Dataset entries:
%%

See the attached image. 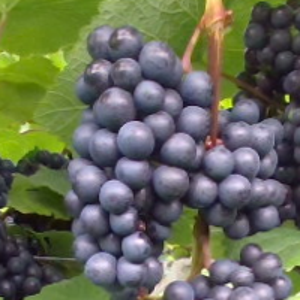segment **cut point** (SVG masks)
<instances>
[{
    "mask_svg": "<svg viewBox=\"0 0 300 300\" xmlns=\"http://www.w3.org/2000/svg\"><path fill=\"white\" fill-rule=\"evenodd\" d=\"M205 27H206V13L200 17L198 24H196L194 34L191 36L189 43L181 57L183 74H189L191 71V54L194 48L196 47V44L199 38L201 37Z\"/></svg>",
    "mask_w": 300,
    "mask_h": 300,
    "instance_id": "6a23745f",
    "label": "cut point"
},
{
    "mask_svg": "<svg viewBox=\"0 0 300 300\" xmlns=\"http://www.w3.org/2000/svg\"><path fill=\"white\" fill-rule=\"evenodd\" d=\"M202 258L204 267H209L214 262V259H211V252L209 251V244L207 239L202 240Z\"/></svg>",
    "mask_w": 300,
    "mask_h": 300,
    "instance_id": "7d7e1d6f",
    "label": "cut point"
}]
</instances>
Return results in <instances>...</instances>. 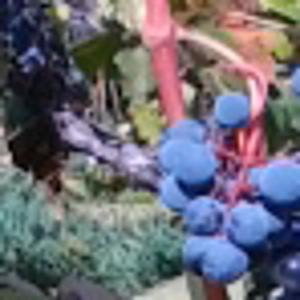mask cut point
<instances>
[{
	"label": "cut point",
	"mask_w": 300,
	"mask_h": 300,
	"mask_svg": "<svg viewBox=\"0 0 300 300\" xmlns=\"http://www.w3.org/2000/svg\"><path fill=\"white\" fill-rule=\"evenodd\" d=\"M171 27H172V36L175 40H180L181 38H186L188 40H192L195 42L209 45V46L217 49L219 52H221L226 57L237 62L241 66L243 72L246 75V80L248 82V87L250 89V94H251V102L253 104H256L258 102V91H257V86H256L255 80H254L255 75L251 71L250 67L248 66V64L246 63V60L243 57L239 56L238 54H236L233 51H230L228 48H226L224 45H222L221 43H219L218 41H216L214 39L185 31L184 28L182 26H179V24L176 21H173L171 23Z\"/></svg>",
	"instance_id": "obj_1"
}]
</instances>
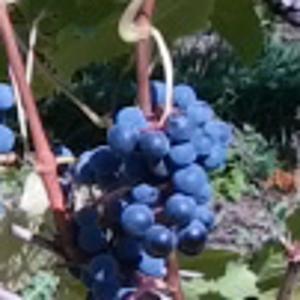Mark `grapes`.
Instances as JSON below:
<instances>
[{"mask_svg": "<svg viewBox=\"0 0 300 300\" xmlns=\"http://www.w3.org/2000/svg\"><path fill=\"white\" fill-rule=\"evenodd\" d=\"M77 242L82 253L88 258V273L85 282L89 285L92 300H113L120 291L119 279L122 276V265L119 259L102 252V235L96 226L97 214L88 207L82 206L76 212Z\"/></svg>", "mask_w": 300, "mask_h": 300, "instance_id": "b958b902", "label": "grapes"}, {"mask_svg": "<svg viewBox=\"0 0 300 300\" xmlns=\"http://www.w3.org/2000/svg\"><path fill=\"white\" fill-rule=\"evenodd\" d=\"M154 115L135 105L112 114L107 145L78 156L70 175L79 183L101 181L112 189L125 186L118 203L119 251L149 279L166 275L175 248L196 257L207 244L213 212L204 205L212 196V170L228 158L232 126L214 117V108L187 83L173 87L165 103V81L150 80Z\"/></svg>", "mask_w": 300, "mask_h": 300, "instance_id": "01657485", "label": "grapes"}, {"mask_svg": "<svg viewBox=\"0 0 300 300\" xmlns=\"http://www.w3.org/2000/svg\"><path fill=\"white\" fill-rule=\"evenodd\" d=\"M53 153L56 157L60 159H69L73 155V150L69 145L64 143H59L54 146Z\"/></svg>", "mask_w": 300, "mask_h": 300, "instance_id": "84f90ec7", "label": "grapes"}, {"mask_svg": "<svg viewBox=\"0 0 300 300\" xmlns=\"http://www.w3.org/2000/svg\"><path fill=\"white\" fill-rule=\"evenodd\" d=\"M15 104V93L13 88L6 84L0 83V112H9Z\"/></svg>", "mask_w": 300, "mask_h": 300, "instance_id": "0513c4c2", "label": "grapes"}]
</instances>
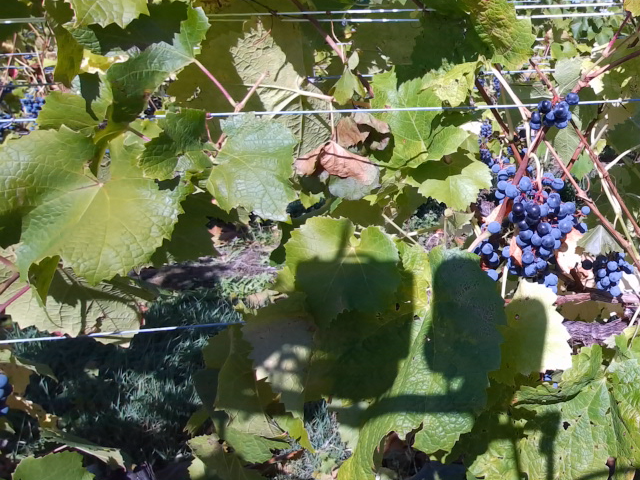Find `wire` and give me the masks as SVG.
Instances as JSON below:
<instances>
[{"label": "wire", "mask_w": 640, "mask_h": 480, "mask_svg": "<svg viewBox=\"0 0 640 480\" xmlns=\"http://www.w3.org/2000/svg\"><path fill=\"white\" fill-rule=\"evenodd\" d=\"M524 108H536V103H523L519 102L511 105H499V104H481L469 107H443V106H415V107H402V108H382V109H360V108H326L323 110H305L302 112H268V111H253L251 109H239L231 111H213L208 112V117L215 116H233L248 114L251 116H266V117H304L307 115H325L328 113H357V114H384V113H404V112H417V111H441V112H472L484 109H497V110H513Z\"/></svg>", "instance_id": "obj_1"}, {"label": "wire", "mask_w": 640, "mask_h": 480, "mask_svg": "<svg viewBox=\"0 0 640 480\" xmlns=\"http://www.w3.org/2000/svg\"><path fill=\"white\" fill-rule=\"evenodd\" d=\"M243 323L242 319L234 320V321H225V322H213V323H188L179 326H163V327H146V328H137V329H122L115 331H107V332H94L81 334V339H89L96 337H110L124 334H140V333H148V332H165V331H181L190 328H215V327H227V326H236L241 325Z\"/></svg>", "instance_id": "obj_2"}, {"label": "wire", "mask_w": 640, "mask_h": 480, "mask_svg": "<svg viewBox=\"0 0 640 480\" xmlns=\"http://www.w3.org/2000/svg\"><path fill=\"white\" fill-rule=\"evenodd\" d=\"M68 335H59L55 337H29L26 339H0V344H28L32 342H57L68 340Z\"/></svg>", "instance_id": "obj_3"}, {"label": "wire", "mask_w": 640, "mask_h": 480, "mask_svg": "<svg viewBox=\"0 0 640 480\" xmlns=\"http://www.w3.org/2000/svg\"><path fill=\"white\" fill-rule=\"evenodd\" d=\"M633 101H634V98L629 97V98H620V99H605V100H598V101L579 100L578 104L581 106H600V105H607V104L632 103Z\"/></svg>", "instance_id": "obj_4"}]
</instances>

%%

### How to complete this task
Verbatim, write out the line containing "masks as SVG." and all later lines through the end of the records, leaving every picture out.

### Expected answer
Find `wire` and give me the masks as SVG.
Instances as JSON below:
<instances>
[{"label": "wire", "mask_w": 640, "mask_h": 480, "mask_svg": "<svg viewBox=\"0 0 640 480\" xmlns=\"http://www.w3.org/2000/svg\"><path fill=\"white\" fill-rule=\"evenodd\" d=\"M524 108H536V103H523L519 102L511 105H499V104H481L469 107H443V106H415V107H402V108H382V109H360V108H326L323 110H305L302 112H268V111H253L251 109H239L231 111H213L208 112V117L215 116H233L248 114L251 116H266V117H304L307 115H325L328 113H357V114H384V113H404V112H417V111H441V112H472L484 109H497V110H513Z\"/></svg>", "instance_id": "obj_1"}, {"label": "wire", "mask_w": 640, "mask_h": 480, "mask_svg": "<svg viewBox=\"0 0 640 480\" xmlns=\"http://www.w3.org/2000/svg\"><path fill=\"white\" fill-rule=\"evenodd\" d=\"M243 323L242 319L234 320V321H225V322H213V323H188L179 326H163V327H146V328H137V329H122L115 331H107V332H94L81 334V339H89L96 337H110L124 334H140V333H148V332H165V331H181L190 328H215V327H227V326H236L241 325Z\"/></svg>", "instance_id": "obj_2"}, {"label": "wire", "mask_w": 640, "mask_h": 480, "mask_svg": "<svg viewBox=\"0 0 640 480\" xmlns=\"http://www.w3.org/2000/svg\"><path fill=\"white\" fill-rule=\"evenodd\" d=\"M68 335H59L55 337H29L26 339H0V344H28L32 342H57L68 340Z\"/></svg>", "instance_id": "obj_3"}, {"label": "wire", "mask_w": 640, "mask_h": 480, "mask_svg": "<svg viewBox=\"0 0 640 480\" xmlns=\"http://www.w3.org/2000/svg\"><path fill=\"white\" fill-rule=\"evenodd\" d=\"M633 101H634V98L629 97V98H620V99H605V100H598V101L579 100L578 104L581 106H600V105H607V104L632 103Z\"/></svg>", "instance_id": "obj_4"}]
</instances>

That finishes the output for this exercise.